Zhang et al. (2000) found that 30 isolates belonging to the Botrysphaeria collected from Shangxi, Liaoning, Hunan, Beijing, Shangdong and Henan province of China had highly polymorphism (92.81%), some isolates showed obvious geographical and host differentiation, and the others did not, according to the UPGMA dendrogram based on RAPD. Our results were partly similar to it, that is, most isolates showed obvious geographical and host differentiation. Sangeetha et al. (2011) reported that 12 isolates of L. theobromae collected from 12 different commercial banana cultivars showed high degree of genetic variation and rich genetic diversity among isolates from different banana varieties based on RAPD. Nghia et al. (2012) described that the genetic diversity of 20 isolates of Botryodiplodia theobromae (the synonym of L. theobromae) and 214 DNA bands were generated with 16 ISSR primers (76.6% of those bands were polymorphic); the clusters of dendrogram showed the relationship among isolates from different regions and no relationship between genetic groups and the hosts. But, the dendrogram generated based on ISSR in our study showed significant correlation between the clusters and both the geographical locations and host plants, and only two isolates collected from Heng County mixed with five isolates collected from Xiangzhou County, the reason of which was probably that mulberry seedlings from Xiangzhou County were transported to Heng County.

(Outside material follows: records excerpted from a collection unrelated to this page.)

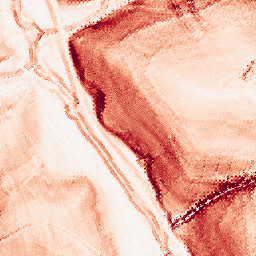
Category: morphological
Decomposition family: morphological_gradient
Decomposition parameters: size: 3
shape: diamond
Upsampling method: regularized
Upsampling parameters: scale: 2
lambda_reg: 0.1
Upsampling scale: 2
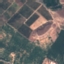
Land use / land cover class: PermanentCrop
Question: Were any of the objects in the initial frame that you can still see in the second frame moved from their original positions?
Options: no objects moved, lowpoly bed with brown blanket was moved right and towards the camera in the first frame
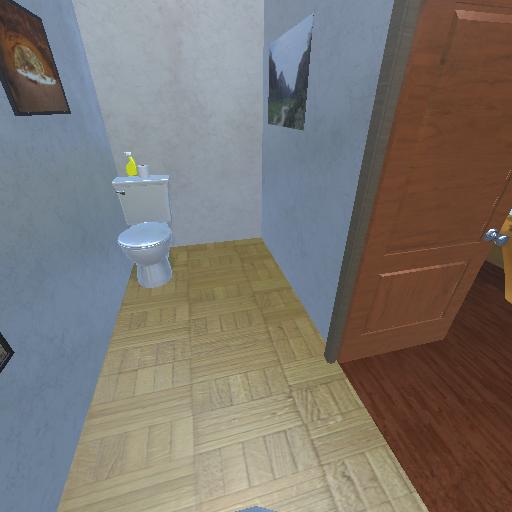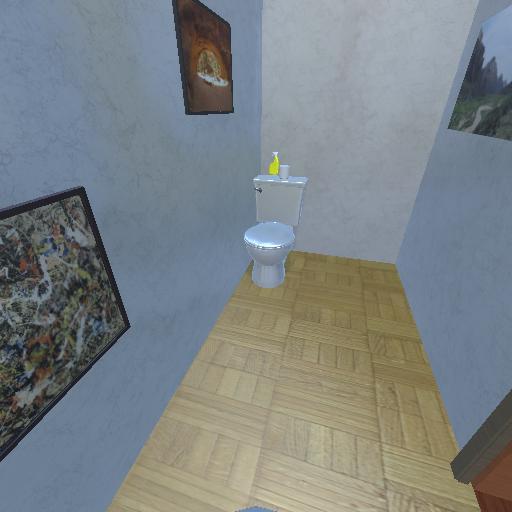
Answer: no objects moved
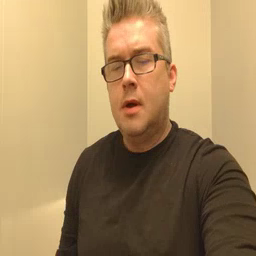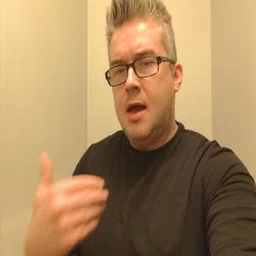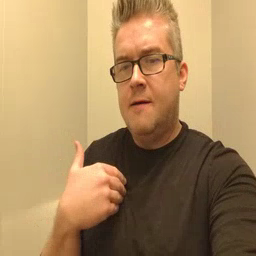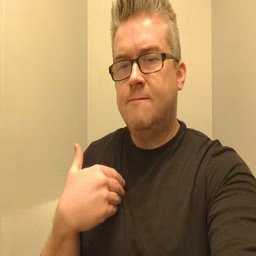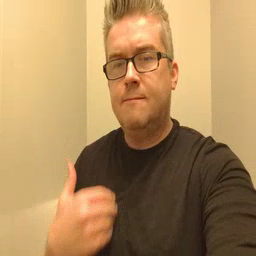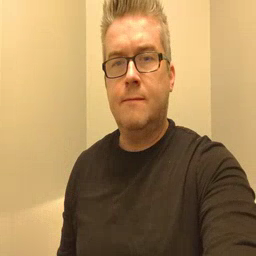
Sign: have
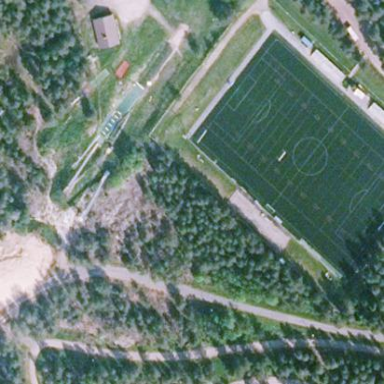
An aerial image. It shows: Pitch for American football with artificial turf surface.

The gene differentiation coefficient (Gst) denoted the level of genetic variation among populations, and the genetic differentiation among populations was generally large when Gst value was above 0.15 (Wright 1978). The strength of gene flow (Nm) between populations was the important factors affecting of the population genetic differentiation, and if Nm value was more than 1, the gene flow could prevent the differentiation of population that caused by genetic drift, but limited gene flow could promote the genetic differentiation among populations when the Nm value was less than 1 (Hartl and Clark 1997). Genetic diversity and gene flow of endophyte L. theobromae were studied, and results showed that there was no evidence of host specificity for isolates of L. theobromae and there was very high gene flow between populations from different hosts and gene flow was less restricted between isolates from the population of Mexico (Mohali et al. 2005). In this study, the Gst value (0.4411 and 0.4756) and Nm value (0.6335 and 0.5513) generated from RAPD and ISSR revealed that genetic differentiation was large among isolates and the frequency of gene exchanges between populations was low.

The sample size of L. theobromae isolates was relatively small. More isolates collected from different countries, geographical regions, seasons, hosts, ecological surroundings and soil conditions should be studied for thoroughly revealing the genetic diversity and genetic differentiation of L. theobromae.

Highlights

Mulberry root rot caused by Lasiodiplodia theobromae was a new disease in China.

Genetic diversity of 29 L. theobromae isolates was studied.

Genetic diversity of L. theobromae was related to the geographic locations.